The Spin-Off Transaction
| 1. | Based on your response to prior comment 1, it appears that Baxter’s subsequent dispositions of the retained Baxalta shares, including in exchange for outstanding debt, could occur simultaneously with or within a short time after the proposed distribution of Baxalta common stock to Baxter shareholders. In light of that possibility, please provide a more detailed analysis as to why Baxter shareholders would not be giving up consideration in connection with the transactions. Please provide more specific information about the contemplated timing of the subsequent dispositions, if possible, and advise whether there is any minimum period of time following the distribution during which Baxter would refrain from distributing its retained shares. |
Company Response:
As previously discussed with the Staff, the Company acknowledges the Staff’s comment and respectfully advises the Staff that at this time Baxter does not have any definitive plan for any particular transaction involving retained Baxalta shares. In addition, it is not expected that any disposition would occur simultaneously with or within a short time after the proposed distribution of Baxalta common stock to Baxter shareholders. As discussed, Baxter intends and will attempt to dispose of retained Baxalta shares on a tax-free basis within the time frame permitted in its anticipated private letter ruling with the U.S. Internal Revenue Service. Although Baxter may contemplate a variety of disposition transactions, including a share-for-debt exchange, that could occur following (but not shortly following) the spin-off date, there can be no assurance that Baxter will successfully complete any particular type of disposition. The spin-off is not conditioned on any particular type of disposition occurring. Any distribution by Baxter of the retained Baxalta shares would occur after the spin-off in a time and manner consistent with the business reasons for the retention of such shares, subject to market conditions and tax consequences and in compliance with applicable federal and state securities laws. The Company acknowledges that it will supplementally advise the Staff in the event that Baxter determines prior to the spin-off to engage in any specific transaction with respect to any retained Baxalta shares.
Jeffrey P. Riedler
Securities and Exchange Commission
Page 2
Exhibit 99.1, Information Statement
Questions and Answers about the Separation and Distribution, page 1
| 2. | We note your response to prior comment 2 and partially reissue that comment. Please revise your Q&A to disclose the reasons for the distribution of cash from Baxalta to Baxter when the spin-off occurs. |
Company Response:
The Company acknowledges the Staff’s comment and respectfully advises the Staff that it intends to update its disclosure in Information Statement in a subsequent amendment to the Form 10 to disclose the reasons for the distribution of cash from Baxalta to Baxter when the spin-off occurs, at such time that the amount of the distribution and the terms of financing arrangements are known.

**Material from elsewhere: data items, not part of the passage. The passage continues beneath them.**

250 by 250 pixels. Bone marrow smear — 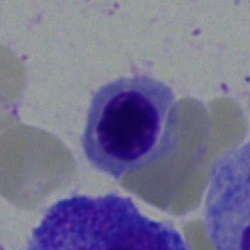 Morphological class = nucleated red cell.
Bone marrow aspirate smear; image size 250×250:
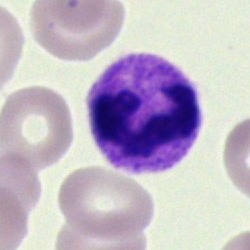
{"cell_type": "polymorphonuclear neutrophil", "lineage": "myeloid"}
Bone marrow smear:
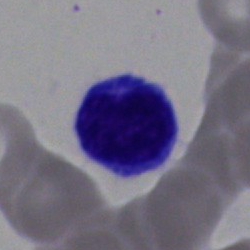

Q: What type of cell is this?
A: A typical lymphocyte.
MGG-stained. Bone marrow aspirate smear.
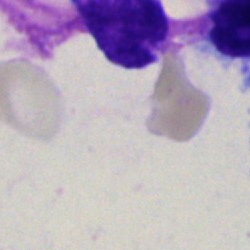

Morphology → artifact.

Potential indemnification liabilities to Baxter pursuant to the separation agreement…, page 30
| 3. | We acknowledge your response to prior comment 10. Please describe the scope, extent and limits of the indemnification that Baxalta will provide to Baxter in the Separation Agreement. You should also supplementally provide us the draft Separation Agreement if you do not file the exhibit with your next amendment so we may review the agreement when we are evaluating your amended indemnification disclosure. |
Company Response:
The Company acknowledges the Staff’s comment and respectfully advises the Staff that it intends to file the Form of Separation Agreement as Exhibit 2.1 to Amendment No. 2 to the Form 10 when such amendment is filed. The Company also intends to include additional disclosure in Amendment No. 2 to the Form 10 on the scope, extent and limits of the indemnification that Baxalta will provide to Baxter in the Separation Agreement.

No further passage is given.